Dos hermanos gemelos tenían por nombres Yosí y Yonó. Ambos nacieron en la misma familia, compartieron el mismo momento y espacio en la Historia, tuvieron las mismas oportunidades y durante mucho tiempo hicieron todo juntos: se criaron juntos, fueron juntos a los campamentos de verano, asistieron a la misma escuela primaria y estudiaron juntos en el instituto. Pero hubo un momento, justo después del instituto, en el que sus vidas tomaron rumbos distintos y dejaron de hacer las cosas juntos. Sucedieron una serie de hechos que desviaron sus trayectorias. Todos a favor de Yosí, y todos aparentemente milagrosos: recibió una beca de una prestigiosa universidad, montó su propia empresa basada en una exitosa idea y acabó convirtiéndose en uno de los hombres más ricos del mundo y ayudando a millones de personas. Mientras tanto, Yonó llevaba una vida mediocre en la que apenas subsistía.

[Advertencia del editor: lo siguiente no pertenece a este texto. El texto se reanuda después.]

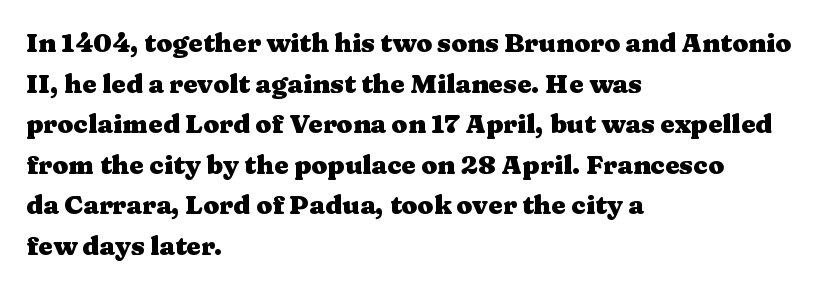
Students, note that the glyphs here touch the page at normal intervals. Lines of text with bare space underneath. Short and long lines alike share a common starting point at left. The font's upright variant was chosen for this text.
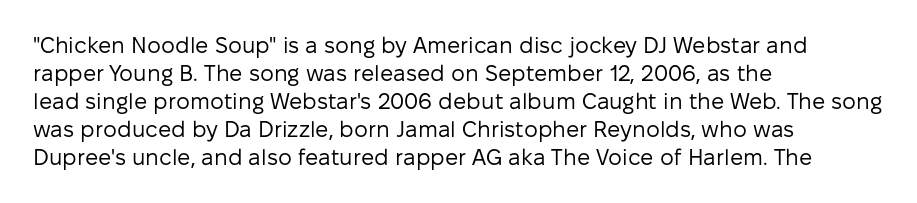
{"italic": "no", "bold": "no", "underline": "no", "align": "left", "line_spacing": "normal", "line_spacing_ratio": 1.27, "letter_spacing": "normal", "letter_spacing_em": 0.0, "glyph_px": 22}
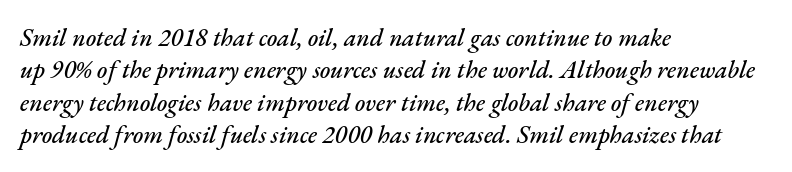
{"italic": "yes", "lean": "right", "slant_degrees": 17, "underline": "no", "align": "left", "line_spacing": "normal", "line_spacing_ratio": 1.3, "letter_spacing": "normal", "letter_spacing_em": 0.0, "glyph_px": 25}

¿A qué se debía todo ese éxito?
Yosí había descubierto la fórmula contra la calvicie.
El día que lo supo, Yonó exhortó una exclamación de injusticia.
«Dios mío. Hay que ver la suerte que tiene mi hermano. Solo por una idea. Ojalá se me hubiera ocurrido a mí. A él todo le sale bien. Qué injusta es la vida. Es inexplicable cómo puede tener tanta suerte. Es como si fuera un milagro.»

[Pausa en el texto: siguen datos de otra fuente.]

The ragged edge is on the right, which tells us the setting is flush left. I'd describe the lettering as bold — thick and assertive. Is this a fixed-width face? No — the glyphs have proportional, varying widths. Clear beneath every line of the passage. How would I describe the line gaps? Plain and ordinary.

¿Milagro?, ¿Suerte?, ¿Injusto?... ¿Seguro?
Rebobinemos.
En el verano de su décimo cumpleaños, fueron a pasar unos días de campamento al lago. El monitor les propuso varias actividades. Yosí eligió aprender inglés y le dijo a Yonó: «¿Te apuntas?». Yonó respondió: «La verdad es que estaría genial, pero me da un poco de pereza». Optó por no hacerlo y los veranos siguientes prefirió la playa al campamento. Yosí repitió tres veranos seguidos, más un cuarto en Inglaterra.

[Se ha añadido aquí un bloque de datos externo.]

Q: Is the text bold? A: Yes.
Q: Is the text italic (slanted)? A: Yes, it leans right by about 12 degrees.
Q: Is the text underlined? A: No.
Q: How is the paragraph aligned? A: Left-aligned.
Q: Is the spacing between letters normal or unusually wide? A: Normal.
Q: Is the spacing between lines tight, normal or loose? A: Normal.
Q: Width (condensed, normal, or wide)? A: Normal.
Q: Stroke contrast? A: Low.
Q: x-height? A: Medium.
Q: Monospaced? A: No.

Cuando eran adolescentes, en su último año de instituto, el jefe de estudios les informó de que se acababan de convocar unas becas para formar parte de unos miniproyectos de investigación en la universidad estadounidense de Harvard. A Yosí le apasionaba la biología y acababa de recibir el primer premio en un concurso académico para adolescentes por un trabajo de investigación científica. Ambos quisieron presentarse a las becas, pero a Yonó le faltaban varios requisitos, entre ellos un expediente brillante y un dominio del inglés.
Yosí fue seleccionado y durante su estancia consiguió trabajar con un científico de renombre que le inculcó pasión por la biología.
Yonó continuaba con sus veranos en la playa disfrutando de numerosas y divertidas fiestas entre amigos. De vez en cuando, colgaba sus mejores fotos en sus redes sociales y Yosí las contemplaba receloso y con nostalgia, tentado a dejarlo todo y volver con su gente, a lo seguro, a lo divertido, a lo fácil. Pero al final siempre conseguía recolocar su mirada en su objetivo, llenarse de determinación y coraje, dar alas a su pasión, remotivarse y continuar su cometido, dedicado en cuerpo y alma a estudiar con obsesión sobre un único tema: la regeneración capilar.
Acabó la carrera, inició su doctorado y durante su segundo año, Yosí ya estaba impartiendo clases en Harvard. Ilusionado por que su hermano progresase y mejorase su currículum, lo llamó por teléfono y le brindó la posibilidad de que pudiese ser alumno en una de sus clases. A la propuesta, Yonó replicó: «Muchas gracias, hermano. La verdad es que me encantaría estudiar en Harvard, pero me da un poco de pereza dejar todo e irme a vivir ahí».
Un par de años después, Yosí terminó su tesis doctoral, en la que asentó las bases de la fórmula que unos años más tarde hizo crecer el pelo de millones de personas que lo habían perdido y que le dio su éxito como investigador y emprendedor.
El éxito de uno y el fracaso del otro hizo más patentes sus diferencias de actitud, pero curiosamente las diferencias entre Yosí y Yonó ya se remontaban a su infancia cuando ante cada opción que requería un mínimo esfuerzo o sacrificio, Yosí vencía esa pereza y Yonó se dejaba consumir por ella.